Question

The characteristic equation of a matrix A is ${{\lambda }^{3}}-5{{\lambda }^{2}}-3\lambda +2I=0$ then $\left| adjA \right|$ =
(a) 4
(b) 25
(c) 9
(d) 30

Answer 1

Hint: There are few things which we have to keep in mind so that we can solve this question. The sum of eigen values $({{\lambda }_{1}}+{{\lambda }_{2}}\,+{{\lambda }_{3}})$ is equal to the sum of diagonal elements and the product of eigen values $({{\lambda }_{1}}\times {{\lambda }_{2}}\times {{\lambda }_{3}})$ will be equal to determinant of A. Also A(adjA) = $\left| A \right|{{I}_{n}}$. Also, there is an identity: $\left| \left| A \right| \right|={{\left| A \right|}^{n}}$.

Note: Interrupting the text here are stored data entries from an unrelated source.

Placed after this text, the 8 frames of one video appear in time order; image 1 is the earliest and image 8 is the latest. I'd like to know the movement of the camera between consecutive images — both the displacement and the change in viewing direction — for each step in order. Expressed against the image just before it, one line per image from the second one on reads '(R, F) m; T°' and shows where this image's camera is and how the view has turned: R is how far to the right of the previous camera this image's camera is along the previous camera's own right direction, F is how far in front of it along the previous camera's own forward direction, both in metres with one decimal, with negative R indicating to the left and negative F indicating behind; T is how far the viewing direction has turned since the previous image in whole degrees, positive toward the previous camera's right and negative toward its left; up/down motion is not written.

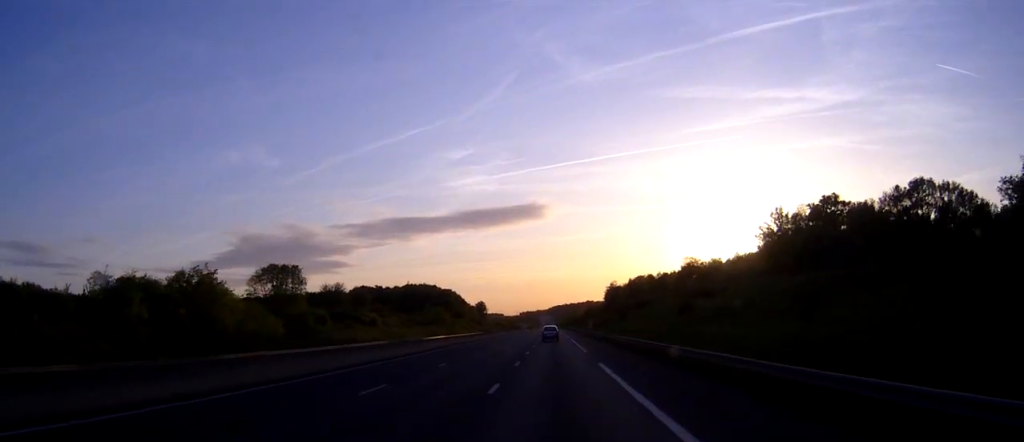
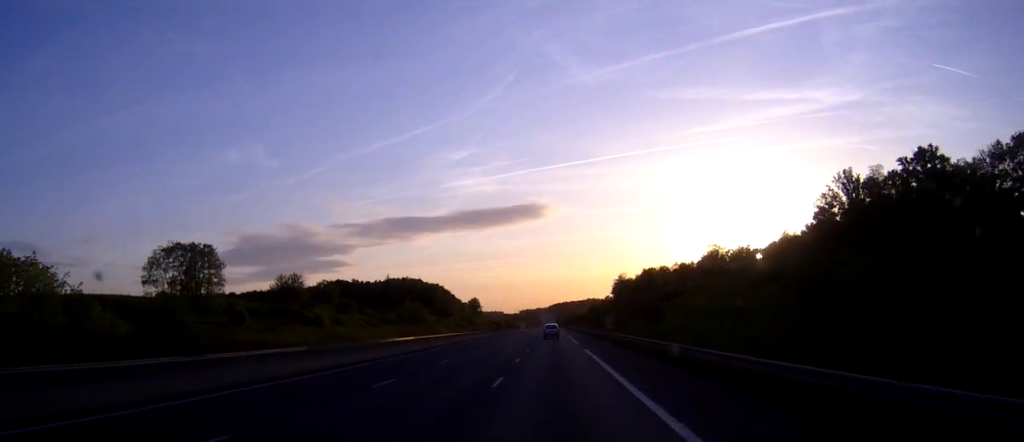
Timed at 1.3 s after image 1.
(0.0, +38.1) m; 0°
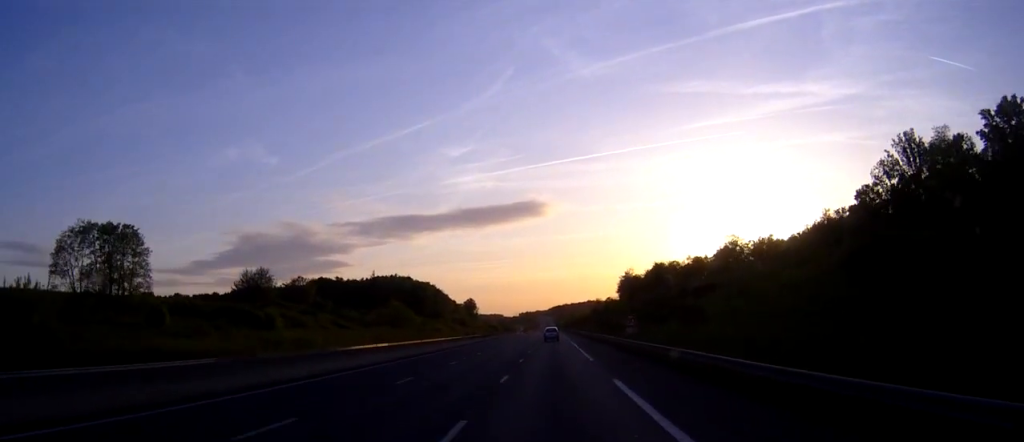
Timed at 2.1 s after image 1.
(0.0, +22.5) m; 0°
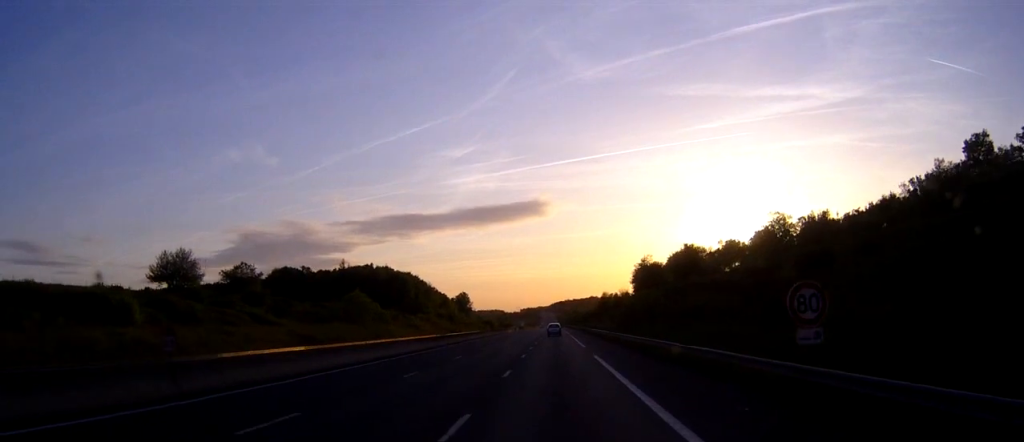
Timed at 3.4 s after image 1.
(0.0, +39.1) m; 0°
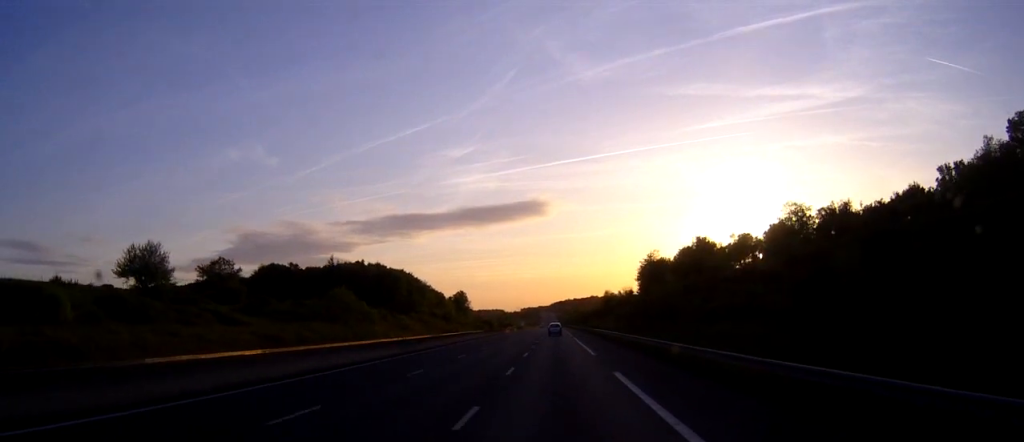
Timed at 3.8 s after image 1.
(0.0, +11.8) m; 0°
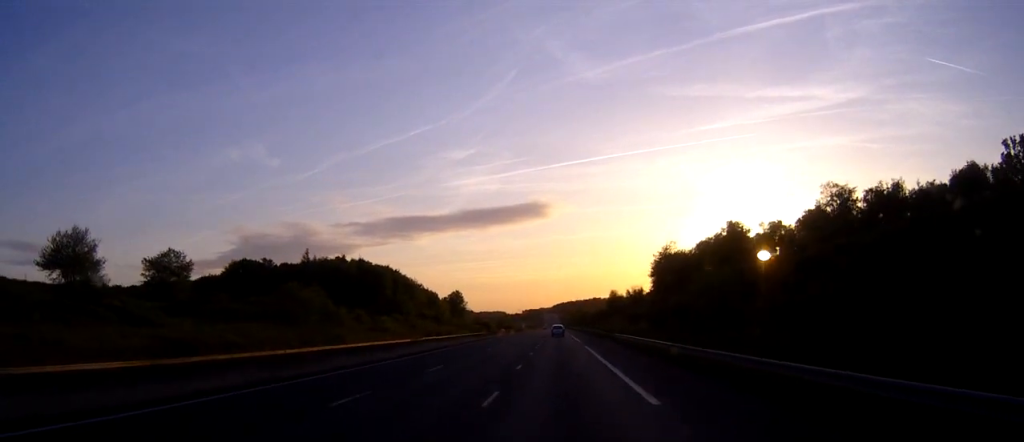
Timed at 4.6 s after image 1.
(-0.1, +22.6) m; 0°
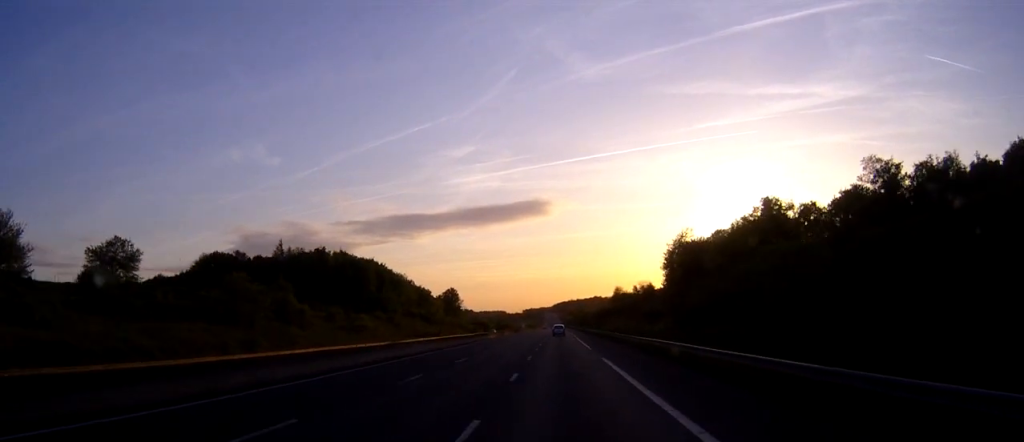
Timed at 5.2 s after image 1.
(+0.2, +18.7) m; 0°
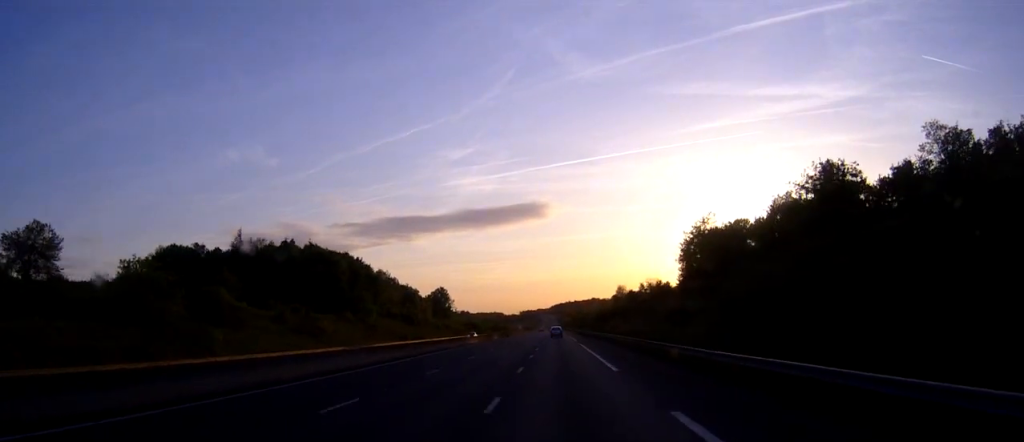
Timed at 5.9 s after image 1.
(0.0, +21.7) m; 0°

Complete step-by-step answer:
Now, we can start the solution. ${{\lambda }^{3}}-5{{\lambda }^{2}}-3\lambda +2I=0$ is the characteristic equation of A, so the value of A will satisfy it. So, after replacing A with $\lambda ,$we get:
${{A}^{3}}-5{{A}^{2}}-3A+2I=0...........(i)$
The above cubic equation has three roots which are called eigen values. These eigen values are represented by ${{\lambda }_{1}},{{\lambda }_{2}}$ and ${{\lambda }_{3}}.$ We also know that in the cubic equation of type ${{x}^{3}}+b{{x}^{2}}+cx+d=0$, sum of roots = -b and product of roots = -d. Therefore, from equation (i), we can say that:
${{\lambda }_{1}}+{{\lambda }_{2}}+{{\lambda }_{3}}=5.......(ii)$
${{\lambda }_{1}}\times {{\lambda }_{2}}\times {{\lambda }_{3}}=-2.........(iii)$
Also, we know that A(adjA) = $\left| A \right|{{I}_{n}}$. Taking determinant on both sides, we get $\left| A(adjA) \right|=\left| \left| A \right|{{I}_{n}} \right|$. We can also write this is as:
$\left| A \right|\left| adjA \right|={{\left| A \right|}^{n}}\left| {{I}_{n}} \right|..........(iv)$
$\Rightarrow \left| adjA \right|={{\left| A \right|}^{n-1}}\left| {{I}_{n}} \right|$
The value of $\left| {{I}_{n}} \right|$ is equal to 1 because it is a unit matrix of order n and irrespective of the order, the value of its determinant will always be equal to 1 i.e. $\left| {{I}_{n}} \right|=1$. Therefore, we get, $\left| adjA \right|={{\left| A \right|}^{n-1}}..........(v)$
We know that product of eigen values $({{\lambda }_{1}}\times {{\lambda }_{2}}\times {{\lambda }_{3}})$= $\left| A \right|$. Therefore, from equation (iii) and equation (v), we get $\left| adjA \right|={{(-2)}^{n-1}}$. Now, as we know the order of the above matrix is 3, the value of n becomes 3. So the value of n – 1 = 3 – 1 = 2. Putting this value in the above equation, we get: $\left| adjA \right|={{(-2)}^{2}}\Rightarrow 4$.
So, the value of $\left| adjA \right|$ is equal to 4. Hence, (a) is the correct option.

Note: The student must be aware of the basic concepts to solve this question. The characteristic equation of a matrix, eigen values, adjoint of a matrix, unit matrix etc.. must be known thoroughly. The mistake that the student can make is by assuming the sum of roots = -b and product of roots = -d in the cubic equation obtained.